DHS further outlined that the vulnerability is introduced because of the lack of authentication in a web component of the SAP NetWeaver AS for Java, allowing for several high-privileged activities on the SAP system.
Vulnerability
A remote, unauthenticated attacker can use this vulnerability through an HTTP interface, which is usually exposed to end users &, in many cases, exposed to the internet.
“If successfully exploited, a remote, unauthenticated attacker can obtain unrestricted access to SAP systems through the creation of high-privileged users & the execution of arbitrary operating system commands with the privileges of the SAP service user account (<sid>adm), which has unrestricted access to the SAP database & is able to perform application maintenance activities, such as shutting down federated SAP applications,” mentions the alert.
Impact
An unauthenticated attacker could create a new SAP user with maximum privileges, bypassing all access & authorization controls (such as segregation of duties, identity management, & governance, risk & compliance solutions) & gaining full control of SAP systems, Nunez further commented.
“With SAP NetWeaver Java being a fundamental base layer for several SAP products, the specific impact would vary depending on the affected system,” explains Onapsis, in a technical analysis.
“In particular, there are different SAP solutions running on top of NetWeaver Java which share a common particularity: they are hyper-connected through APIs & interfaces. In other words, these applications are attached to other systems, both internal & external, usually leveraging high-privileged trust relationships.”
Vulnerable
Also, the RECON vulnerability’s risk increases when the affected solutions are exposed to the internet, to connect companies with business partners, employees & customers. These systems, & Onapsis estimates there are at least 2,500 of them – have an increased likelihood of remote attacks, researchers outlined. Out of those vulnerable installations, 33% are in N. America, 29% are in Europe & 27% are in Asia-Pacific.
“Because of the type of unrestricted access an attacker would obtain by exploiting un-patched systems, this vulnerability also may constitute a deficiency in an enterprise’s IT controls for regulatory mandates—potentially impacting financial (Sarbanes-Oxley) & privacy (GDPR) compliance,”.
Patch Available
SAP’s patch should be applied immediately, researchers recommended. While for now there is no indication that this has been exploited yet, Nunez observed that SAP customers should be on high alert now that the vulnerability has been announced & the DHS has sent out its US CERT alert warning.

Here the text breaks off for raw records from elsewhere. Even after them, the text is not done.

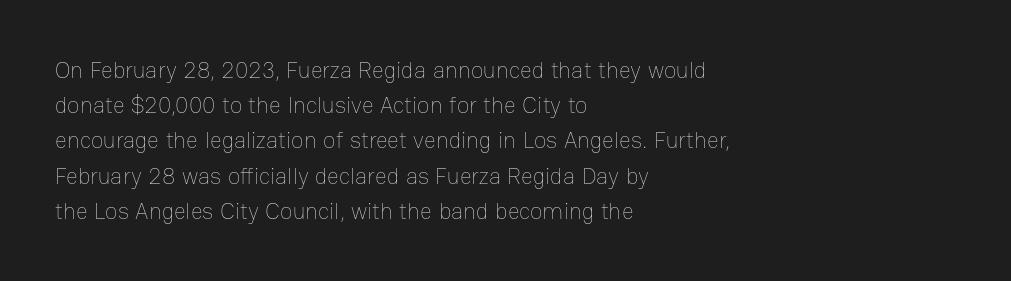
The image shows 23 px text type, upright; set left-aligned, normal line spacing (1.53x), normal letter spacing, not underlined.
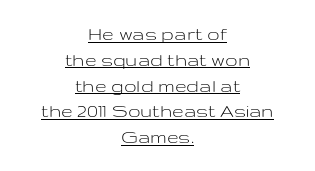
The image shows 21 px text type, upright; set centered, line spacing 1.23x, normal letter spacing, underlined.
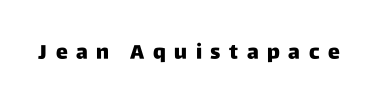
Q: Is the text italic (slanted)? A: No, it is upright.
Q: Is the text underlined? A: No.
Q: Is the spacing between letters normal or unusually wide? A: Unusually wide.
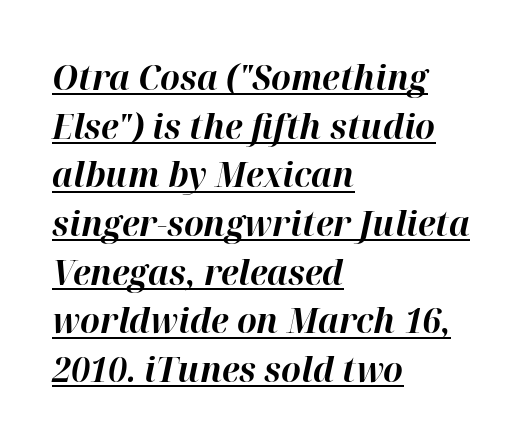
Compared with undecorated copy, this sample adds a rule below the words. Typographic density is high because the face is bold. Which margin do the lines hug? The left one — the right edge is uneven. Baseline-to-baseline distance is the conventional proportion of letter height. Would a proofreader flag this as italicized? Yes.
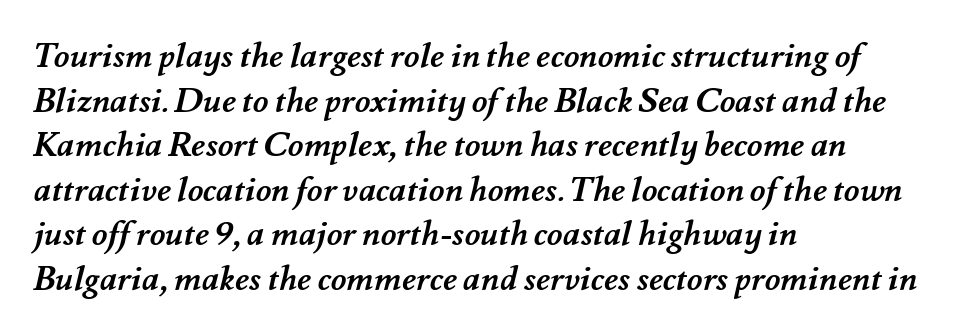
The lines in this sample share a left origin and differ only in where they stop. Think of a printed novel: that variable character pitch is what you see here. Rows of type keep a routine distance in the vertical direction. The specimen omits any rule beneath the text block's lines. Chunky letters — that's bold for sure. Tracking value appears to be zero — textbook default spacing.

“Now that the vulnerability & patch have been released, skilled hackers can quickly develop exploit code,” he explained. “Because there are many vulnerable Internet exposed SAP systems, the complexity of the attack is significantly less.”
Complexity
Because of the complexity of mission-critical applications & limited maintenance windows, organizations are often challenged to rapidly apply SAP security notes, the Onapsis team explained.
“It’s difficult to patch mission-critical applications such as those from SAP because they need to be constantly available,” Nunez explained, “Testing can take a long time depending upon complexity and customization of the apps. Also, there are limited maintenance windows available to apply the patches.”
SAP customers
He finally added, “For SAP customers, critical vulnerabilities such as RECON highlight the need to protect mission-critical applications, by extending existing cyber-security & compliance programs to ensure these applications are no longer in a blind spot.
These systems are the lifeblood of the business & under the scope of strict compliance requirements, so there is simply nothing more important to secure.”